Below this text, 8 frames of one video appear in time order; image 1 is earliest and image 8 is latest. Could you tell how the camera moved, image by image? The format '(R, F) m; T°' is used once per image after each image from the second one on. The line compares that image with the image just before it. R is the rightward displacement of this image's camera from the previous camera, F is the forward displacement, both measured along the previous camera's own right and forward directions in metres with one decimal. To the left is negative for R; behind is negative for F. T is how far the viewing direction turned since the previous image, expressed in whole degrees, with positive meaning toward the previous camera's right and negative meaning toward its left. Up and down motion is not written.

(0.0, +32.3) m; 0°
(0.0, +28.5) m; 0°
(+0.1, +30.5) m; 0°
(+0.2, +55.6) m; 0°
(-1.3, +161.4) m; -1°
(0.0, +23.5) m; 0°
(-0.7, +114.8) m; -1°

====

Each record above has to be set down again, word for word.

● **Reply to the task**:
Below this text, 8 frames of one video appear in time order; image 1 is earliest and image 8 is latest. Could you tell how the camera moved, image by image? The format '(R, F) m; T°' is used once per image after each image from the second one on. The line compares that image with the image just before it. R is the rightward displacement of this image's camera from the previous camera, F is the forward displacement, both measured along the previous camera's own right and forward directions in metres with one decimal. To the left is negative for R; behind is negative for F. T is how far the viewing direction turned since the previous image, expressed in whole degrees, with positive meaning toward the previous camera's right and negative meaning toward its left. Up and down motion is not written.

(0.0, +32.3) m; 0°
(0.0, +28.5) m; 0°
(+0.1, +30.5) m; 0°
(+0.2, +55.6) m; 0°
(-1.3, +161.4) m; -1°
(0.0, +23.5) m; 0°
(-0.7, +114.8) m; -1°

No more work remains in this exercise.